### PROBLEM DETAILS
Exactly and only the lines from the one containing "Q 832.144 65.47, 832.144 58.55" through the close of the entries below are to be set down.

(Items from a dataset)
-- Opening Marker --

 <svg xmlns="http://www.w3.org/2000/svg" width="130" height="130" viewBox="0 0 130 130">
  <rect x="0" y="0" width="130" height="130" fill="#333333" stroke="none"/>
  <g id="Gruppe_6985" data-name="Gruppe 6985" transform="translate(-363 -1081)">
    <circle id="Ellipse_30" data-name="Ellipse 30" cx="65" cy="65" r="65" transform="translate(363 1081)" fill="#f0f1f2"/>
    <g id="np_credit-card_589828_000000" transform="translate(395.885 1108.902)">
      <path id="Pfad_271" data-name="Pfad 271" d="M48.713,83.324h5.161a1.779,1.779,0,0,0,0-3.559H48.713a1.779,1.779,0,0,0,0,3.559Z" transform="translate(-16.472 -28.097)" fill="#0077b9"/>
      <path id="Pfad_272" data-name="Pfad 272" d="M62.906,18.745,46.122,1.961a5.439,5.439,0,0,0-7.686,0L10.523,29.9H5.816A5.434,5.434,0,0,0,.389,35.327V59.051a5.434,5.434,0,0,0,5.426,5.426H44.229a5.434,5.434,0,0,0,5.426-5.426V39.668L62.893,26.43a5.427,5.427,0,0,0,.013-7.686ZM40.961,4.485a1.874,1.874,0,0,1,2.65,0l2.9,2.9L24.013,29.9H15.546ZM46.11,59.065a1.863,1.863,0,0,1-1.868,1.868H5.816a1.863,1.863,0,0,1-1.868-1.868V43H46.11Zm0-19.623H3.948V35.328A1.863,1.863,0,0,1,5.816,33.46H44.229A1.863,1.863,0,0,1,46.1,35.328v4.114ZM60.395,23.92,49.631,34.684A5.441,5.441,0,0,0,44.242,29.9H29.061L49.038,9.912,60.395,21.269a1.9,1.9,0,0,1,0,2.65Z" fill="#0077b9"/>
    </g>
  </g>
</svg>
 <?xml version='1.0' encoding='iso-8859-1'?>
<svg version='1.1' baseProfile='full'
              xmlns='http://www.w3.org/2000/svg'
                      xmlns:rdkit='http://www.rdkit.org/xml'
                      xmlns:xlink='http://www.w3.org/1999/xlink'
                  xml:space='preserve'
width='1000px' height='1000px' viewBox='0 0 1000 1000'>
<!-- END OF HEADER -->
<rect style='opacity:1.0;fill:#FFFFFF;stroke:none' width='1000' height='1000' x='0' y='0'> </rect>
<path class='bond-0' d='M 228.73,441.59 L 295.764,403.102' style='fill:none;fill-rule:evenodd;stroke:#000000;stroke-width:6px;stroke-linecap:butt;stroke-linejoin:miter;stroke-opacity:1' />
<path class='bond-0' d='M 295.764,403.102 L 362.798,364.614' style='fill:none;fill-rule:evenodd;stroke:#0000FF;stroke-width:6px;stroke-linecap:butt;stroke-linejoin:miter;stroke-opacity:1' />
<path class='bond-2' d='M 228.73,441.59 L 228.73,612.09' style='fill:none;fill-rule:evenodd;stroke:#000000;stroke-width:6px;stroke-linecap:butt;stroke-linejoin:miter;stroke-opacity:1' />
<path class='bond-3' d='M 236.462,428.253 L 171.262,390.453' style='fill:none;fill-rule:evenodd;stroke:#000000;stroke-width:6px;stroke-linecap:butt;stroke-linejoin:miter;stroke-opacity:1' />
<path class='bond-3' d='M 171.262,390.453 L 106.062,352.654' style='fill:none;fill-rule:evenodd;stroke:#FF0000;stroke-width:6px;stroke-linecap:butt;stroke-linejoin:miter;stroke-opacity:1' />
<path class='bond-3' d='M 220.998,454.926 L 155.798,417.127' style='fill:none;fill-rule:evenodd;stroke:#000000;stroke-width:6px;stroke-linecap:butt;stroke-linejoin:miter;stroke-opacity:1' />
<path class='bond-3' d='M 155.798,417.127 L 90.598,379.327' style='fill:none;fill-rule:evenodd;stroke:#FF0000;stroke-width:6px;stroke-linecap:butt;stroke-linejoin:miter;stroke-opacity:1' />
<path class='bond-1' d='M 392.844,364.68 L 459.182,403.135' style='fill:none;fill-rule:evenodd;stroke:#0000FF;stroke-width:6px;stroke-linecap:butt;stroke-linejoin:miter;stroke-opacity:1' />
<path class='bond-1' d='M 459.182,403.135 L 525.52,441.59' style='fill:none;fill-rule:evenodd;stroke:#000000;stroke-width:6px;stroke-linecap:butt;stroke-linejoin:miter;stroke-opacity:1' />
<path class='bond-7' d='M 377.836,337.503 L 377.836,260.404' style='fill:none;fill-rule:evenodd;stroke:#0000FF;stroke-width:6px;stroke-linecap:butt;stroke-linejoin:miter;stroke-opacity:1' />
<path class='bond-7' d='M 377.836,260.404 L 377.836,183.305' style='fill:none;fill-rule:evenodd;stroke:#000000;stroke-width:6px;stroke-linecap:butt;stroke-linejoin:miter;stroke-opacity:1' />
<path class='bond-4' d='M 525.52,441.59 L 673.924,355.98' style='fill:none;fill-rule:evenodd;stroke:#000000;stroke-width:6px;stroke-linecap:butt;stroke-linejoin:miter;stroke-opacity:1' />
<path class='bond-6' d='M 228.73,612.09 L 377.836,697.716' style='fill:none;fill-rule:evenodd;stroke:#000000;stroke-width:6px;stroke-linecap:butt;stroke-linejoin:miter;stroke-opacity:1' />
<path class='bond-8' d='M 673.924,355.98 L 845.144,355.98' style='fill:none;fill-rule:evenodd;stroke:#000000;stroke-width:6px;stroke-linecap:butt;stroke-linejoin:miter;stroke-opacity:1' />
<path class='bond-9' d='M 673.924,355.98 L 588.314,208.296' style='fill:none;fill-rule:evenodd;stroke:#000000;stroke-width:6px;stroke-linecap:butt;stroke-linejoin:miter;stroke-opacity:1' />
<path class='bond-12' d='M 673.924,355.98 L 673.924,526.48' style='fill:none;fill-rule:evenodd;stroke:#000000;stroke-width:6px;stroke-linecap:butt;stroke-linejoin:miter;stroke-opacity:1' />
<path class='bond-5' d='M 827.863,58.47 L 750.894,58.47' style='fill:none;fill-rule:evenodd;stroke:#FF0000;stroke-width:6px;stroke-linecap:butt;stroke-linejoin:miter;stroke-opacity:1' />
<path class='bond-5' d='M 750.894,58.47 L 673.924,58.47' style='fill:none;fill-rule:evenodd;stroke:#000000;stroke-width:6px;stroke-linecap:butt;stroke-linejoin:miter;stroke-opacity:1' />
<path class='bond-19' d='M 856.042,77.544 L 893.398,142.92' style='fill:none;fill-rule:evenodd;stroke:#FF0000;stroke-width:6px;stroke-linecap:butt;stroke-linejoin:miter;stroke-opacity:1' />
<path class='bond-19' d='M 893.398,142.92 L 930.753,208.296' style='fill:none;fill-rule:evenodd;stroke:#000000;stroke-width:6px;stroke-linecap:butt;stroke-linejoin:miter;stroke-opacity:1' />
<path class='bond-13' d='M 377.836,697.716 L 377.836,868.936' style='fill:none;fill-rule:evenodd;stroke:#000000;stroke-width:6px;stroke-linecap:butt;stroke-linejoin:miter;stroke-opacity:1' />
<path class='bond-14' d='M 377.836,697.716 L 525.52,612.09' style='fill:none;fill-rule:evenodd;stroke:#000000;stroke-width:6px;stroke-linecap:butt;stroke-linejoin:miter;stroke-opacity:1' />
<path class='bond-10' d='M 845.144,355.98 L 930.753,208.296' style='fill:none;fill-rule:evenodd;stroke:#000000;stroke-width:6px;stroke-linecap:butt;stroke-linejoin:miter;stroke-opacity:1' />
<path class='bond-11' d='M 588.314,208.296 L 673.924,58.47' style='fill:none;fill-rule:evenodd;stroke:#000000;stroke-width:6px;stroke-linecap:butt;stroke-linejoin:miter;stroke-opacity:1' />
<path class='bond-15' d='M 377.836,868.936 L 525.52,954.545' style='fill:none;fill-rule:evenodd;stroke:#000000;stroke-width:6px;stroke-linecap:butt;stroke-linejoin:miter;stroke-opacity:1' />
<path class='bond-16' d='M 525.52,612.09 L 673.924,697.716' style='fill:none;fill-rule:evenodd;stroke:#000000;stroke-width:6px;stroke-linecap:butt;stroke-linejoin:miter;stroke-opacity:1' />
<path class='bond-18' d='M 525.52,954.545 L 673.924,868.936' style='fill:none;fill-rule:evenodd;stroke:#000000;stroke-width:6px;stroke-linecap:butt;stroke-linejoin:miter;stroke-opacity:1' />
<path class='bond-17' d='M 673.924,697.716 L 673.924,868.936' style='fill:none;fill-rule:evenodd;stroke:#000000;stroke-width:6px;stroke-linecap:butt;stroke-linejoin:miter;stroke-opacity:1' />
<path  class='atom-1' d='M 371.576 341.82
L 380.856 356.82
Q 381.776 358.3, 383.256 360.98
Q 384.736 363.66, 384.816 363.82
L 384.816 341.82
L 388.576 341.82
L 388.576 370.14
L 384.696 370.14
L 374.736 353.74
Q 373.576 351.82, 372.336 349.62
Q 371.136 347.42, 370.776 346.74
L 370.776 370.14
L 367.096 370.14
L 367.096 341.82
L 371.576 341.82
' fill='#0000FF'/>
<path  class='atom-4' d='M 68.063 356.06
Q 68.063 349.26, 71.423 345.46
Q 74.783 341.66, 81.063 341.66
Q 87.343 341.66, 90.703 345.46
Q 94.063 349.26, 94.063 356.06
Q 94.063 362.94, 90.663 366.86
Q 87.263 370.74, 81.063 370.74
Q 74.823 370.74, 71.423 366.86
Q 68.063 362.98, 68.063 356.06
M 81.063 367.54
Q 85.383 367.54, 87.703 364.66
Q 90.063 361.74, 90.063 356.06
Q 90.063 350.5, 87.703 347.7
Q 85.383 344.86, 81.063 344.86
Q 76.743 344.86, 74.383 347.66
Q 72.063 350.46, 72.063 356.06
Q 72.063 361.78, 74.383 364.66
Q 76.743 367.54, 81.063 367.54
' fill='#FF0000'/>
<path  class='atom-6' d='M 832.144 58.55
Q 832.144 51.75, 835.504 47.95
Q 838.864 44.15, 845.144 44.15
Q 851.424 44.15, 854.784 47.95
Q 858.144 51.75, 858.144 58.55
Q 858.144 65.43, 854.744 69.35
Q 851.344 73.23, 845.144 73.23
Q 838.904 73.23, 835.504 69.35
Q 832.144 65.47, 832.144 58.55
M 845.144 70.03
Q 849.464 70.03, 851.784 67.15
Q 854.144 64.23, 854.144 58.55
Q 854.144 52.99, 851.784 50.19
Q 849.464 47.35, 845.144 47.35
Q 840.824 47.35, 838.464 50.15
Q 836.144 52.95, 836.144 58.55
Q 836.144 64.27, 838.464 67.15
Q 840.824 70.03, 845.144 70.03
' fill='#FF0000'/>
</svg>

-- Closing Marker --

### THE ANSWER
Q 832.144 65.47, 832.144 58.55
M 845.144 70.03
Q 849.464 70.03, 851.784 67.15
Q 854.144 64.23, 854.144 58.55
Q 854.144 52.99, 851.784 50.19
Q 849.464 47.35, 845.144 47.35
Q 840.824 47.35, 838.464 50.15
Q 836.144 52.95, 836.144 58.55
Q 836.144 64.27, 838.464 67.15
Q 840.824 70.03, 845.144 70.03
' fill='#FF0000'/>
</svg>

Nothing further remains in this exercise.